START Provided data

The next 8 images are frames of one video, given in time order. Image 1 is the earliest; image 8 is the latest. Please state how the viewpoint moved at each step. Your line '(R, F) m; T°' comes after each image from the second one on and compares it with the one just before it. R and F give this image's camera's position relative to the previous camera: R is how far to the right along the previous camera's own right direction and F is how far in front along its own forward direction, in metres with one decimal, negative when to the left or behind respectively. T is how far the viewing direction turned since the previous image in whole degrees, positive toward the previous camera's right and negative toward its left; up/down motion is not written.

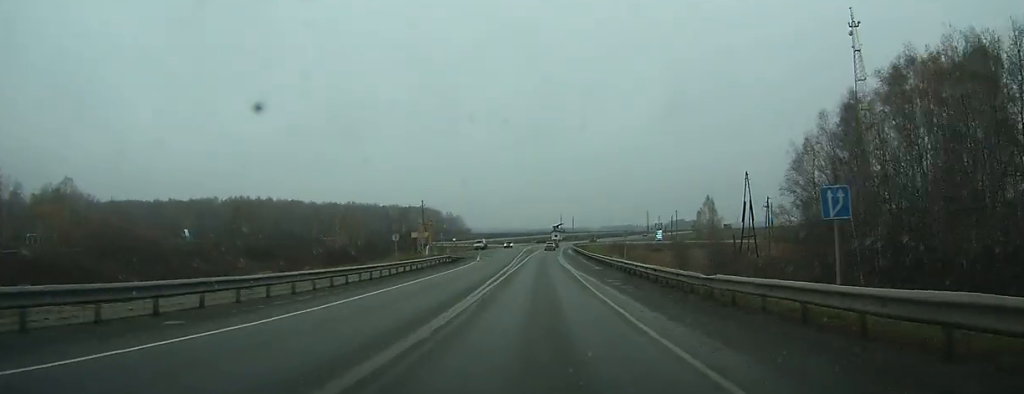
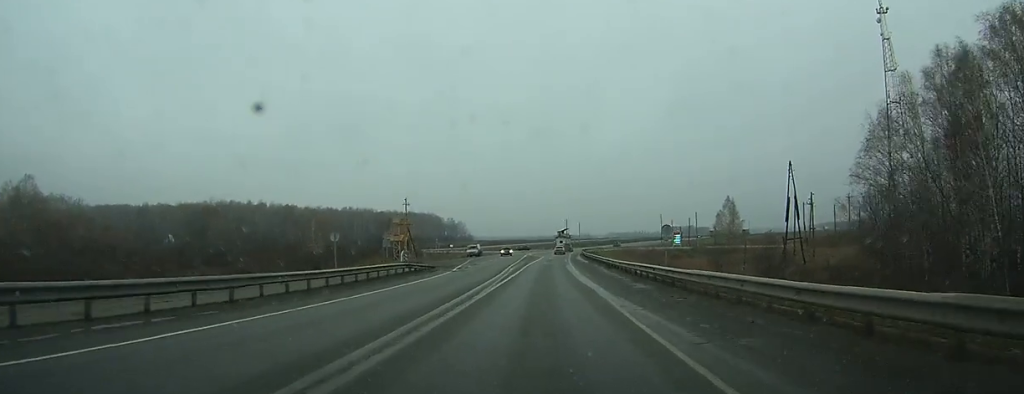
(0.0, +18.8) m; 0°
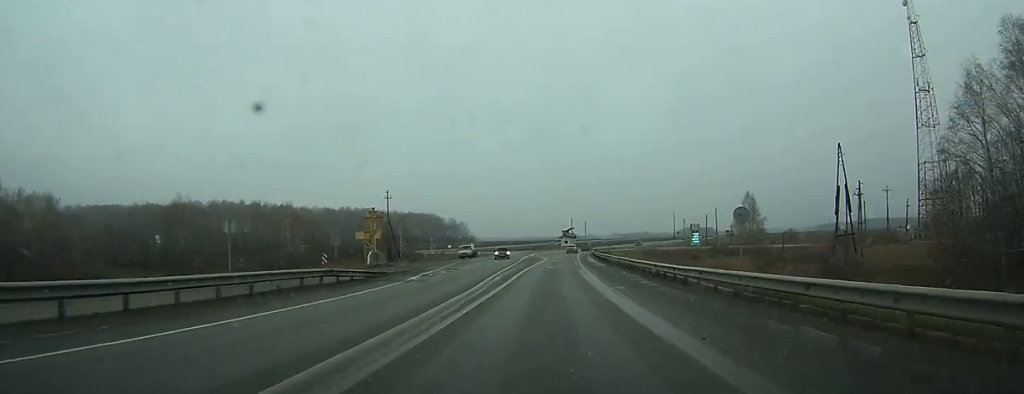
(0.0, +14.9) m; 0°
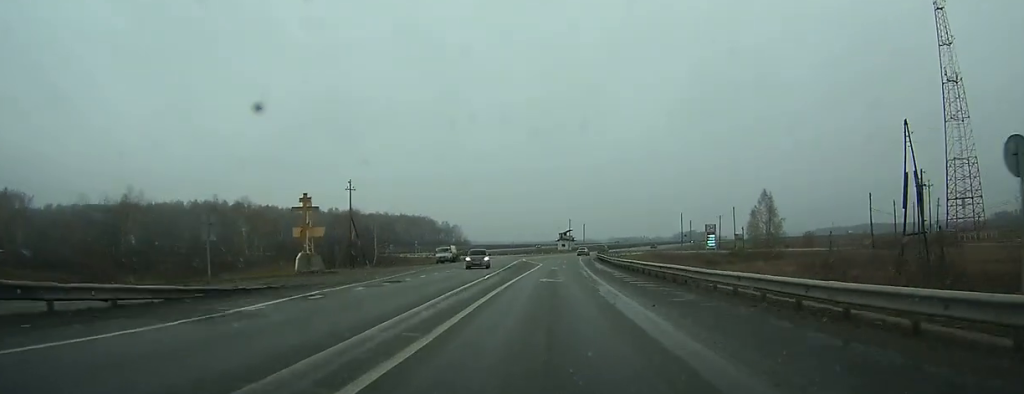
(0.0, +15.9) m; 0°
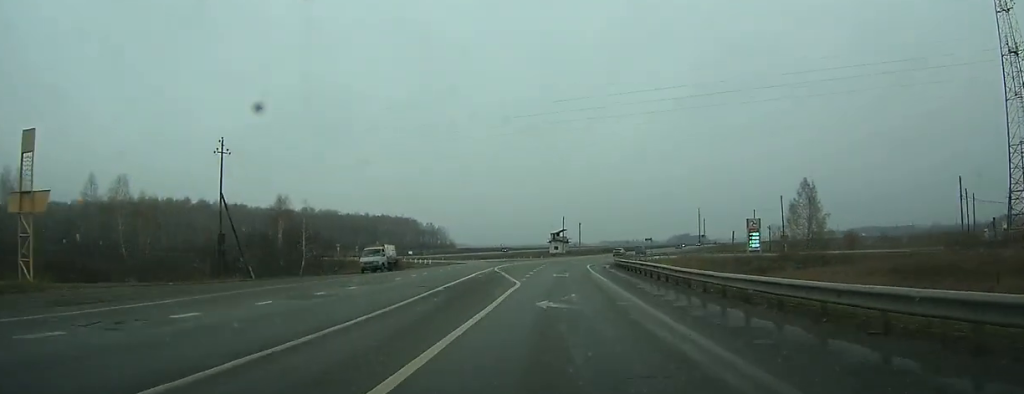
(+0.1, +28.6) m; +1°
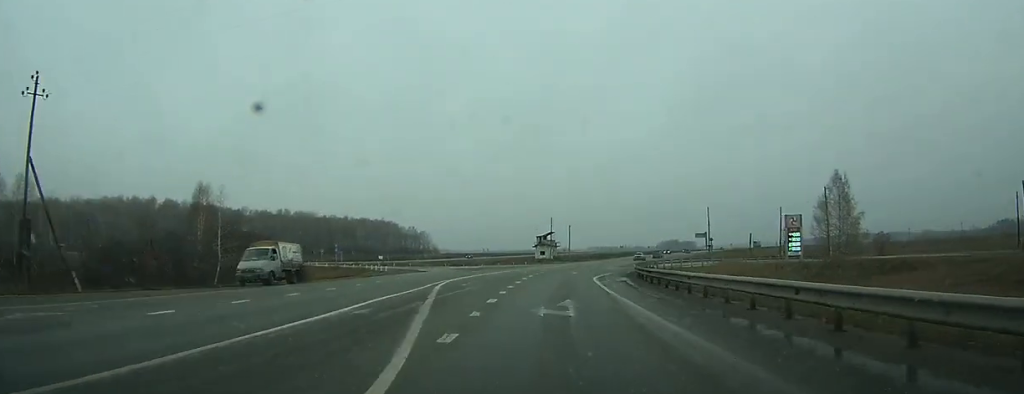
(+0.1, +18.6) m; +1°
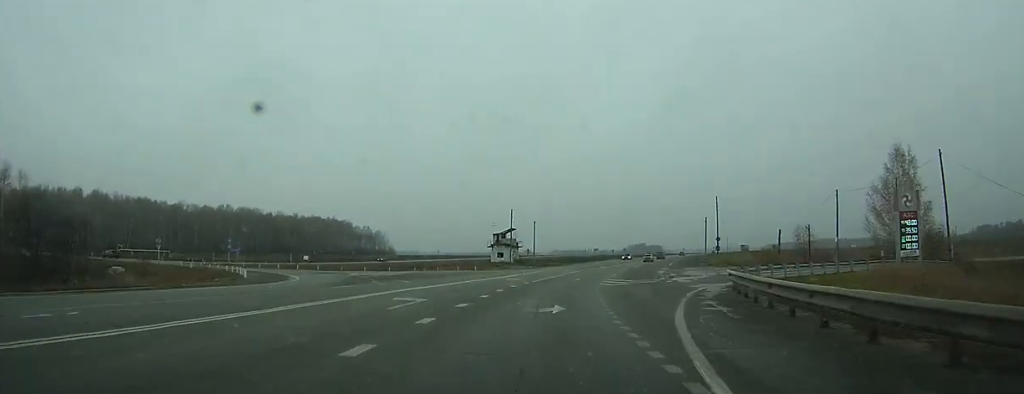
(+0.3, +28.7) m; +2°
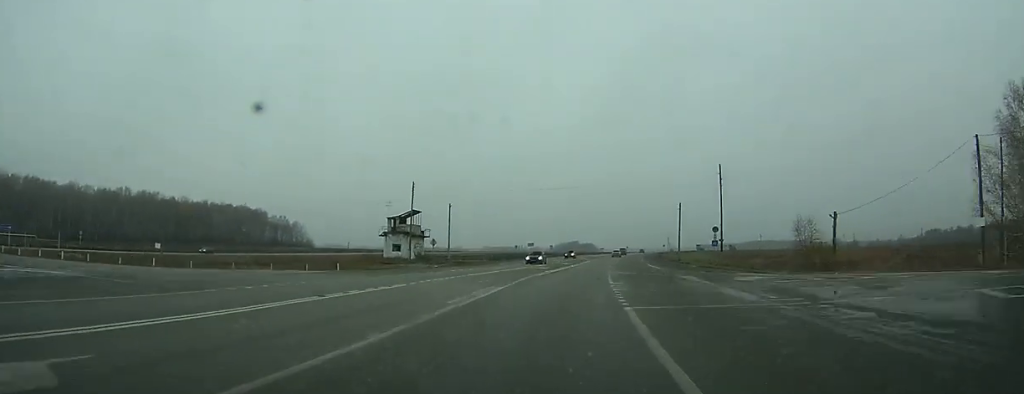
(+0.6, +34.7) m; +4°

END Provided data

=== Work to be completed ===
Could you retype every line above exactly as it appears, skipping the pictures?

=== Written solution ===
The next 8 images are frames of one video, given in time order. Image 1 is the earliest; image 8 is the latest. Please state how the viewpoint moved at each step. Your line '(R, F) m; T°' comes after each image from the second one on and compares it with the one just before it. R and F give this image's camera's position relative to the previous camera: R is how far to the right along the previous camera's own right direction and F is how far in front along its own forward direction, in metres with one decimal, negative when to the left or behind respectively. T is how far the viewing direction turned since the previous image in whole degrees, positive toward the previous camera's right and negative toward its left; up/down motion is not written.

(0.0, +18.8) m; 0°
(0.0, +14.9) m; 0°
(0.0, +15.9) m; 0°
(+0.1, +28.6) m; +1°
(+0.1, +18.6) m; +1°
(+0.3, +28.7) m; +2°
(+0.6, +34.7) m; +4°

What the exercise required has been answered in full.